Reserve disks and nodes at the same time
- Reserve a node with only the main disk (none of the additional disks), on the grimoire cluster
(no change to the way a node was to be reserved in the past, before the disk reservation mechanism existed.)
- Reserve a node with all its disks
fnancy :
|
oarsub -I -t deploy -l {"type='disk' or type='default' and disk_reservation_count > 0"}/host=1 |
(disk_reservation_count is equal to the number of disks which can be reserved on a node.)
- Reserve nodes grimoire-1 and grimoire-2 with one reservable disk per node
or, same but using environment variables:
fnancy :
|
oarsub -I -t deploy -l {"type='default' and host in ($HOSTNAMES)"}/host=$HOSTCOUNT+{"type='disk' and host in ($HOSTNAMES)"}/host=$HOSTCOUNT/disk=1 |
Reserve disks and nodes separately
You may, for example, decide to reserve some disks for one week, but the nodes where your disks are located only when you want to carry out an experiment.
First: reserve the disks
Since we want to reserver disks only in a first time, we use the noop job type: with this noop job type, OAR will not try to execute anything on the job resources (which is what we want since disk resources are not capable of executing programs).
(Please mind that Jobs of type noop cannot be interactive: oarsub
-I -t noop ...
is not supported.)
3 examples:
Reserve two disks on grimoire-1 for one week, starting on 2018-01-01:
fnancy :
|
oarsub -r "2018-01-01 00:00:00" -t noop -l {"type='disk' and host='grimoire-1.nancy.grid5000.fr'"}/host=1/disk=2,walltime=168 |
Or reserve the first two disks on grimoire-2:
fnancy :
|
oarsub -r "2018-01-01 00:00:00" -t noop -l {"type='disk' and host='grimoire-2.nancy.grid5000.fr' and disk in ('1', '2')"}/host=1/disk=2,walltime=168 |
Or reserve all disks on two nodes:
fnancy :
|
oarsub -r "2018-01-01 00:00:00" -t noop -l {"type='disk' and cluster='grimoire'"}/host=2/disk=ALL,walltime=168 |
Second: reserve the nodes
You can then reserve nodes grimoire-1 and grimoire-2 for 3 hours, in the usual way:
fnancy :
|
oarsub -I -t deploy -l {"host in ('grimoire-1.nancy.grid5000.fr', 'grimoire-2.nancy.grid5000.fr')"}/host=2,walltime=3 |
You must respect this order : reserve the disks first, then reserve the nodes. Otherwise the disks you reserved will not be available on your nodes.

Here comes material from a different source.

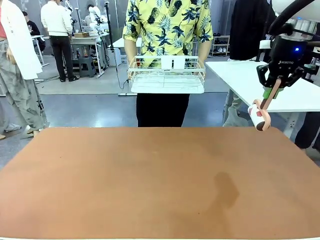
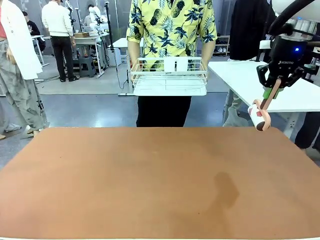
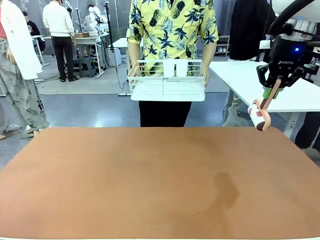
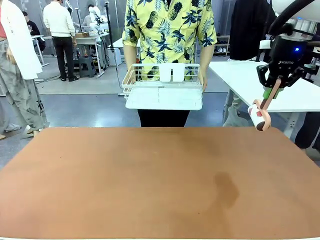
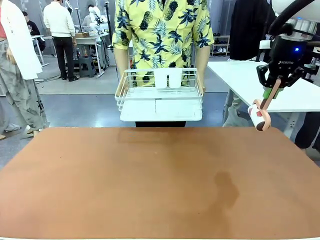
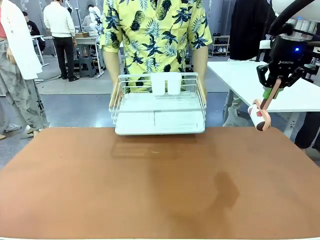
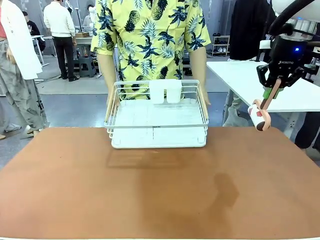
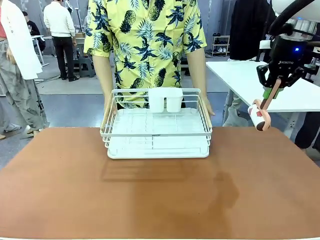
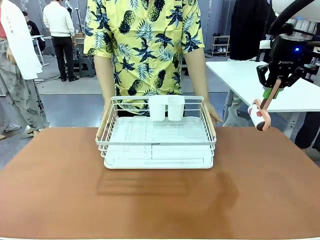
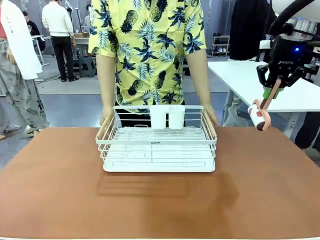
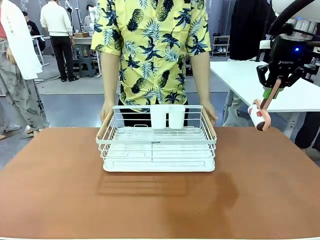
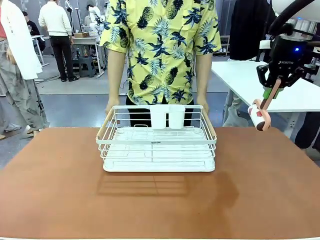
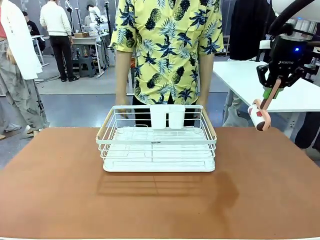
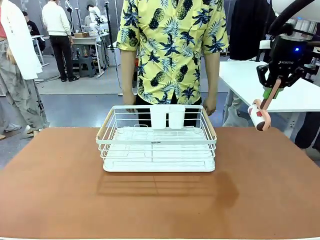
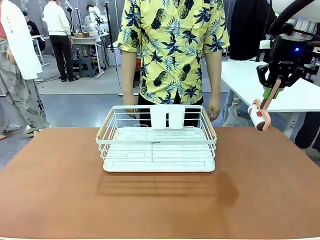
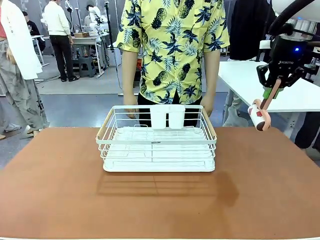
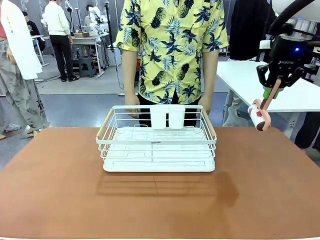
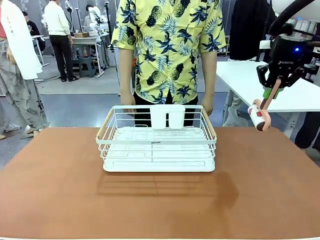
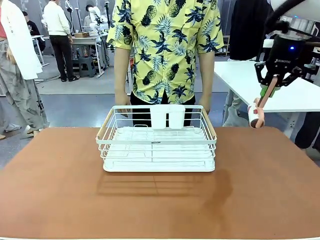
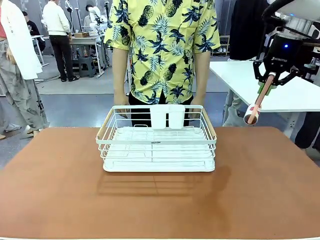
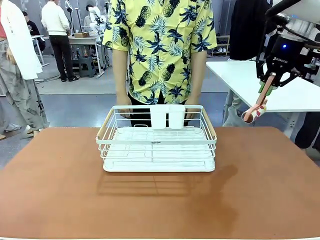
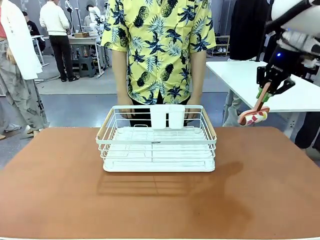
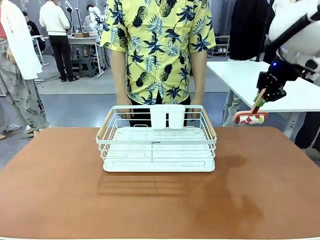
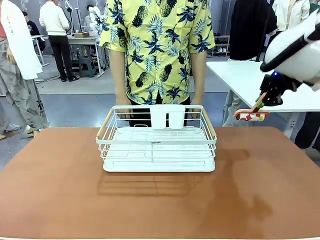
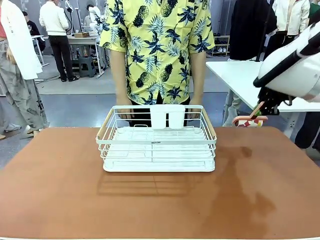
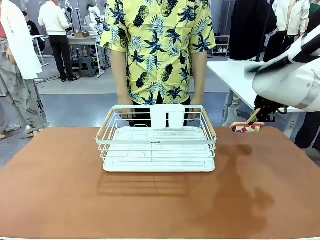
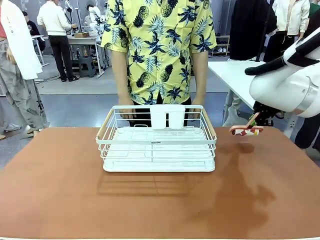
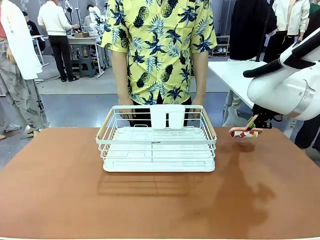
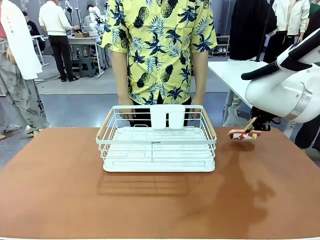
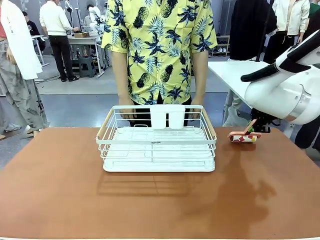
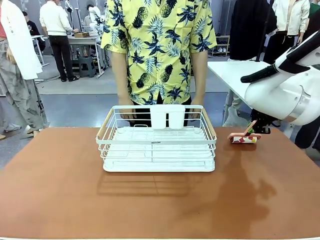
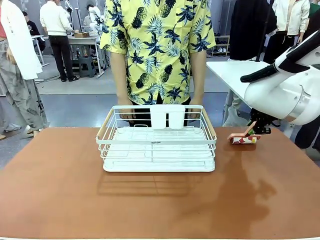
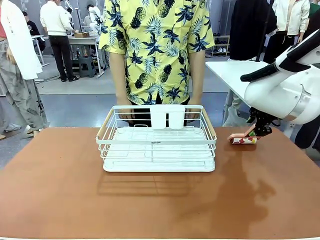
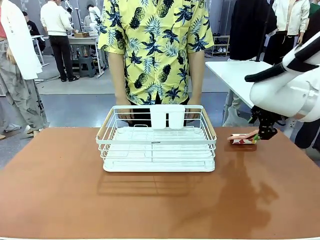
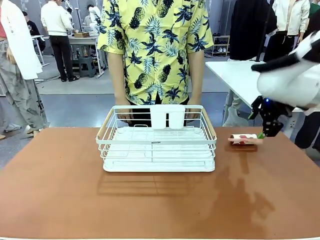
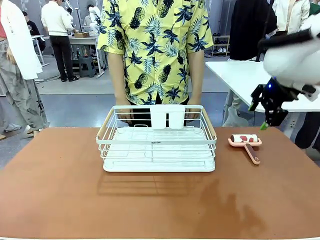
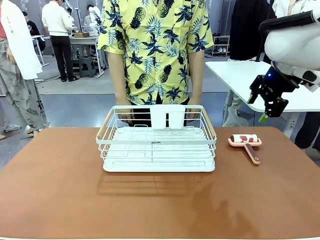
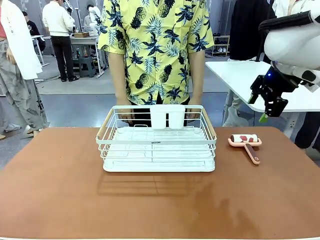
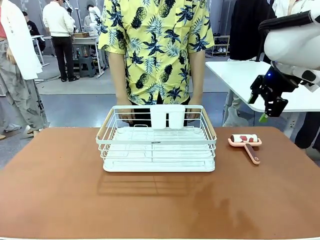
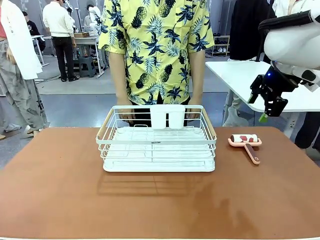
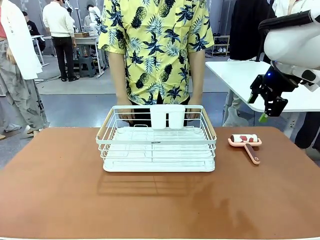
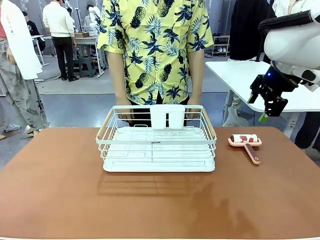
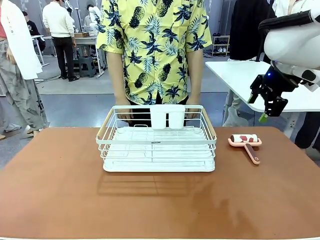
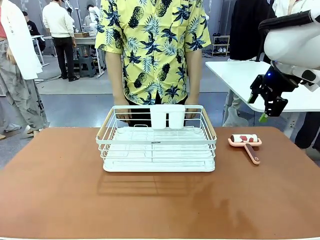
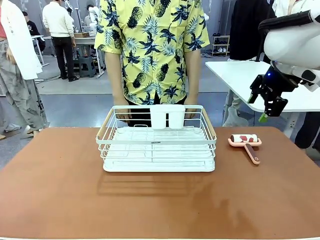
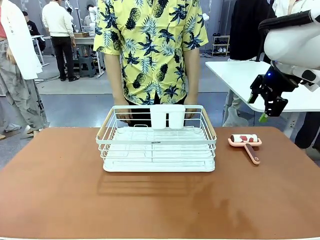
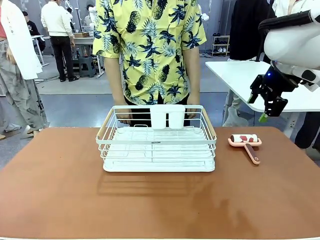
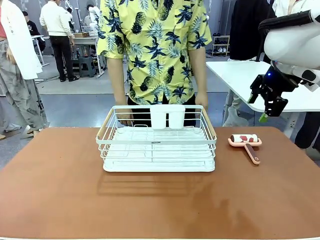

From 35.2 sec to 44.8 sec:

Show and use my reserved disks
Reservations of both nodes (processors) and disks are displayed on the following Gantt diagram.
Once connected to a node in a deploy job with one or more disks reserved locally on the node, several tools can be used to manage the disk(s):
lsblk
will show you the block devices of your disks: sdb, sdc, ... (be careful: sda is the system disk) ;- Commands like
fdisk
parted
can be used to partition the disk, if need ; mkfs
can be used to format the disk.
Mind that the platform provides access to the block devices, but does not manage partitioning nor formatting.
Security issues
The mechanism used to enable/disable disks is designed to avoid mistakes from other users. However, a malicious user could take control of the RAID card, enable any disk, and access or erase your data. Please mind securing your data:
- Keep a copy (backup) in a safe place if relevant for your data ;
- If your data is sensitive, mind using cryptographic mechanisms to secure it.
Also, the data on reserved disks is not automatically erased at the end of your job. If you don't want the next user to access it, you have to erase it yourself.